With the exception of Turner, no painter of our school has so thoroughly mastered the difficulties of aerial perspective and atmospheric phenomena as Pyne; without detecting the least approximation to the copying of that great artist, his pictures very often remind us of those by Turner. He never aims at the same extraordinary, and often apparently unnatural, effects; he does not exhibit such a redundancy of poetical imagination in his compositions, such a profusion of what may be called the ‘flowers of painting;’ and yet his mind is amply stored with visions of the true and the beautiful, gathered from a close and attentive study of Nature in her most attractive aspects, and these he transfers to his canvas with a bold and unfaltering pencil, that shows his mastery over his materials, as well as a perfect knowledge of their individual and relative value; while to this freedom of execution are superadded great delicacy and attention to form and detail. 

We have frequently heard similar objections taken to his colouring, as have been made to Turner's - especially in the too abundant use of white; but such objections can only come from those who have not closely analysed the colouring of Nature. We were one day discussing this very question with an acquaintance by the sea-shore on a bright summer morning. Directing his attention to the tranquil surface of the ocean, then brightly reflecting the sun's rays, we asked him its colour. "White," he replied, after looking at it for a few moments; ‘yes; white, from the horizon almost to our feet, gradually harmonising into a tender blue as far as the eye reaches left and right.’ - ‘Are Turner and Pyne wrong, then?’ we again asked. - ‘No; right - there cannot be two opinions on the matter.’

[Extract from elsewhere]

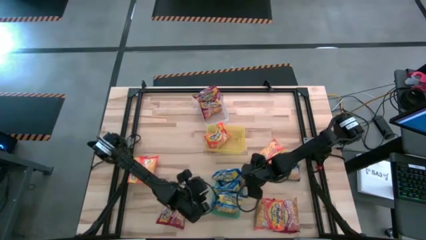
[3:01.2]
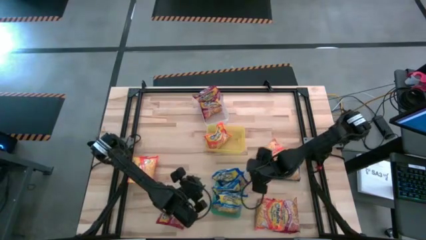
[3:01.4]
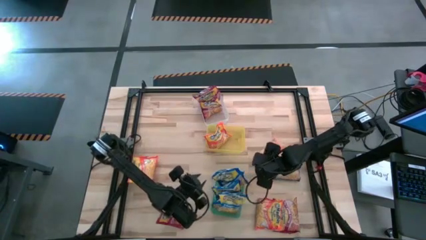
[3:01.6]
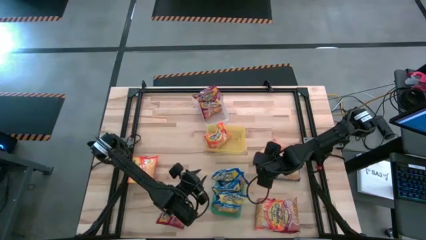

It is this inability to see things as they are in Nature which produces so much false and unsound judgement among the frequenters of our Art-exhibitions: they have not yet learned the ‘art of seeing,’ and are therefore incapable of pronouncing a verdict upon truths. It is only when they have acquired this power that they are in a position to form something like a just opinion of the relative merits of artists; ‘for, although with respect to the feeling and passion of pictures, it is often as impossible to criticise as to appreciate, except to such as are in some degree equal in powers of mind, and in some respects the same in modes of mind, with those whose works they judge; yet with respect to the representation of facts, it is possible for all, by attention, to form a right judgement of the respective powers and attainments of every artist. Truth is a bar of comparison at which they all may be examined, and according to the rank they take in this examination will almost invariably be that which, if capable of appreciating them in every respect, we should be just in assigning them.’

But a word, before we close, respecting the writings of Mr. Pyne; for, unlike too many of our painters, he is desirous, and has the ability, to impart to others the knowledge he has himself acquired. The series of papers - ‘The Nomenclature of Pictorial Art’ - commenced in the Art-Journal some years since, and, after a considerable lapse of time, continued during the last year and the present, contains a very large amount of theoretical information, most valuable to every amateur and artist; and his ‘Letters on Landscape,’ which appeared also in our publication in the years 1846-47, must take their place, if published separately, as we trust they may be some day, among the best manuals of instruction which can be placed in the hands of the young landscape-painter.”